Exercise description: Please take the entries below from the first line through the line containing "FILE_DESCRIPTION(('STEP AP214'),'1');" and repeat them exactly, leaving out everything after.

Source material:
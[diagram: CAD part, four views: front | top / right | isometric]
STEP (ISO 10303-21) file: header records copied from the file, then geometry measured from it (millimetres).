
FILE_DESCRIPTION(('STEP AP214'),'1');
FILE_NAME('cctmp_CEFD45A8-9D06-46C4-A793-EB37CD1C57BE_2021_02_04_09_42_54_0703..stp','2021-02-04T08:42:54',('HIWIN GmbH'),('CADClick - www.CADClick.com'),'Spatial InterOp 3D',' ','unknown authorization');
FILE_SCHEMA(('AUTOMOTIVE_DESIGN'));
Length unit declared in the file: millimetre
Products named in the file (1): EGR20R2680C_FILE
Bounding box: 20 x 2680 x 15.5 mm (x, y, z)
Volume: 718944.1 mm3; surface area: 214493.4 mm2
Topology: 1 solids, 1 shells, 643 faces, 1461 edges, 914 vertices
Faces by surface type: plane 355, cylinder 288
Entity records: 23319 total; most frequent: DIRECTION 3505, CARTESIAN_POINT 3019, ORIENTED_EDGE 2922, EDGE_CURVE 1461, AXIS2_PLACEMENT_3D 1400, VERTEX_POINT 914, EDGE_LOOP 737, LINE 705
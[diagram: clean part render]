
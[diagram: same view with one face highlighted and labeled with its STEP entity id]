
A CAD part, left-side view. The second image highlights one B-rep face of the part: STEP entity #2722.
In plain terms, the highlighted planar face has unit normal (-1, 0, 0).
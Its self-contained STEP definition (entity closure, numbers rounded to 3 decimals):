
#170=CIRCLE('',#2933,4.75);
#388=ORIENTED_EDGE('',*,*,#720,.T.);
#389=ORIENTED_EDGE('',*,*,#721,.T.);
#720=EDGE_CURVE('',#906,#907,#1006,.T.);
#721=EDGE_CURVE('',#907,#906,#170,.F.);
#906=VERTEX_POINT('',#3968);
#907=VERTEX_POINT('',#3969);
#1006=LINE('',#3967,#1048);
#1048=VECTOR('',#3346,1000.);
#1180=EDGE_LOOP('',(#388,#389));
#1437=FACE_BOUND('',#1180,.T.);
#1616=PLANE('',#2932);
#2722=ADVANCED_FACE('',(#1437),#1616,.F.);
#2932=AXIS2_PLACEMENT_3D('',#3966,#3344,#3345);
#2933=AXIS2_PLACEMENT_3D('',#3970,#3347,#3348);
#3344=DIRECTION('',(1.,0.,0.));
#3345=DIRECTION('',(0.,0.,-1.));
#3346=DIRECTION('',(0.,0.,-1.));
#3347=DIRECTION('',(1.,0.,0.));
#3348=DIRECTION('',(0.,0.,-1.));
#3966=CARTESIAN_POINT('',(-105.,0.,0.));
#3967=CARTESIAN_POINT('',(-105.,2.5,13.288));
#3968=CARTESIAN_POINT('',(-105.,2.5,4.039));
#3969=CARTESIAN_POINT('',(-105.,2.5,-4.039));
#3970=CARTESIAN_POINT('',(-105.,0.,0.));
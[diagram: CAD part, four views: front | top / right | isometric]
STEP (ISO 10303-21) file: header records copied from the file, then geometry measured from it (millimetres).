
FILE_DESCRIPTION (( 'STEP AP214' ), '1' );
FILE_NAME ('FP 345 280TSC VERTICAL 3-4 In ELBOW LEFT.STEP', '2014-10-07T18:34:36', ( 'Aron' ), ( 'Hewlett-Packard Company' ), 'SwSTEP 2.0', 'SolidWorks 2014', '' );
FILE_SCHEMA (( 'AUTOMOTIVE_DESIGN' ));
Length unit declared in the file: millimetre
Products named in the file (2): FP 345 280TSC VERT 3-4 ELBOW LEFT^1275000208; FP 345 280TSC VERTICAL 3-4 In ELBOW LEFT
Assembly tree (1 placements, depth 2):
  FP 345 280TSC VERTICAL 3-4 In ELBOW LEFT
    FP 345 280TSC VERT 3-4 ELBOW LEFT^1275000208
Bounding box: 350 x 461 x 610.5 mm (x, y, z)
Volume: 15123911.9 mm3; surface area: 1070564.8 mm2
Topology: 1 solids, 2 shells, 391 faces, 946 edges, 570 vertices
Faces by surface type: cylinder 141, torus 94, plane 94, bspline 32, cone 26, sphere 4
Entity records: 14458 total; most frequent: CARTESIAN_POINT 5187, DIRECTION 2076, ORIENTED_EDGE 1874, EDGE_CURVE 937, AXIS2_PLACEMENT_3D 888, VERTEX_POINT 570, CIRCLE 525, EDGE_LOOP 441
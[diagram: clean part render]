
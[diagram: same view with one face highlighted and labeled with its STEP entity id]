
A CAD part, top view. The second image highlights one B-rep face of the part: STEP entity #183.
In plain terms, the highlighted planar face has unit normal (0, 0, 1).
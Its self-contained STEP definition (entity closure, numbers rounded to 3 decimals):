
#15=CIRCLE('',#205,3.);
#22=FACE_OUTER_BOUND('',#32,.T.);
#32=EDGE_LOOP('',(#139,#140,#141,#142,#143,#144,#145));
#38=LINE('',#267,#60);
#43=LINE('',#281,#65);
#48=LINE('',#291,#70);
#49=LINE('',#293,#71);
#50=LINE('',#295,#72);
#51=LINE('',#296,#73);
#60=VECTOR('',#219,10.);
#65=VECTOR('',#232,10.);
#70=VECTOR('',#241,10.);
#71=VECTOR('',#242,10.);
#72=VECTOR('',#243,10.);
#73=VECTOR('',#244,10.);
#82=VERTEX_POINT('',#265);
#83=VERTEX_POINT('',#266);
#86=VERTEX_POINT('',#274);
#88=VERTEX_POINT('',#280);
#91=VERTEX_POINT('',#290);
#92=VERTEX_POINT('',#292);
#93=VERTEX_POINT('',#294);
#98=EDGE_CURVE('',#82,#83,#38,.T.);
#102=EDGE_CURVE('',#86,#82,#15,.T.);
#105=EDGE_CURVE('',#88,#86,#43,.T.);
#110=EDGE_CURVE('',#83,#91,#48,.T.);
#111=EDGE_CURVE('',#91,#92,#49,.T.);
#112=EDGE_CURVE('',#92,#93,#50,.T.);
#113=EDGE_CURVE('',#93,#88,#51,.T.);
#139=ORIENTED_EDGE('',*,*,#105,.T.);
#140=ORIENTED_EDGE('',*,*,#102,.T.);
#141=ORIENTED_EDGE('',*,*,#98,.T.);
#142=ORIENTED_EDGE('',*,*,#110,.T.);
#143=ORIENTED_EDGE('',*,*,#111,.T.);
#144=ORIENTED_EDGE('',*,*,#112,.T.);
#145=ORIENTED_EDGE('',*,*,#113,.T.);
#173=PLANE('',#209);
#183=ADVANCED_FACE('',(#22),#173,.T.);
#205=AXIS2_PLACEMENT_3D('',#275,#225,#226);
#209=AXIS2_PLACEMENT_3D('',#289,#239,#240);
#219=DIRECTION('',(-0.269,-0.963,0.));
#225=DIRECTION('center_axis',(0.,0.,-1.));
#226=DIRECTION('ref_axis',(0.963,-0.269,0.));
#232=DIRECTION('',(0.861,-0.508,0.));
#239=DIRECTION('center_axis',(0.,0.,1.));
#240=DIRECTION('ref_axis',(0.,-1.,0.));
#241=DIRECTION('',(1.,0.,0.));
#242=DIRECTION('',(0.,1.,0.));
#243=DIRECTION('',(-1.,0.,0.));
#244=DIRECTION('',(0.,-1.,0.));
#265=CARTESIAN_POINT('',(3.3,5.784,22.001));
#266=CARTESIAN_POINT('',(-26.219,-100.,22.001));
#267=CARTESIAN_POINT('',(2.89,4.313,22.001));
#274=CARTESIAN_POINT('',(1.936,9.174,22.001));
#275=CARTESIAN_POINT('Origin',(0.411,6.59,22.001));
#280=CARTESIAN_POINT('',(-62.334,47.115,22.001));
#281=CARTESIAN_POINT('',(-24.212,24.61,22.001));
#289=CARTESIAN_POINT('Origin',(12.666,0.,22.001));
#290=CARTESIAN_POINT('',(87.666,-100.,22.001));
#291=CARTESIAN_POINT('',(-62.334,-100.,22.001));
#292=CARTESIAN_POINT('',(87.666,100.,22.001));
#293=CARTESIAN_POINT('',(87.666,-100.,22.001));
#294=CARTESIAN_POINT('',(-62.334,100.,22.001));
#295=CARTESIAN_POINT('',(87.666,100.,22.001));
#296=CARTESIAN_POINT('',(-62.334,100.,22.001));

Response to this exercise:
[diagram: CAD part, four views: front | top / right | isometric]
STEP (ISO 10303-21) file: header records copied from the file, then geometry measured from it (millimetres).
FILE_DESCRIPTION(('STEP AP214'),'1');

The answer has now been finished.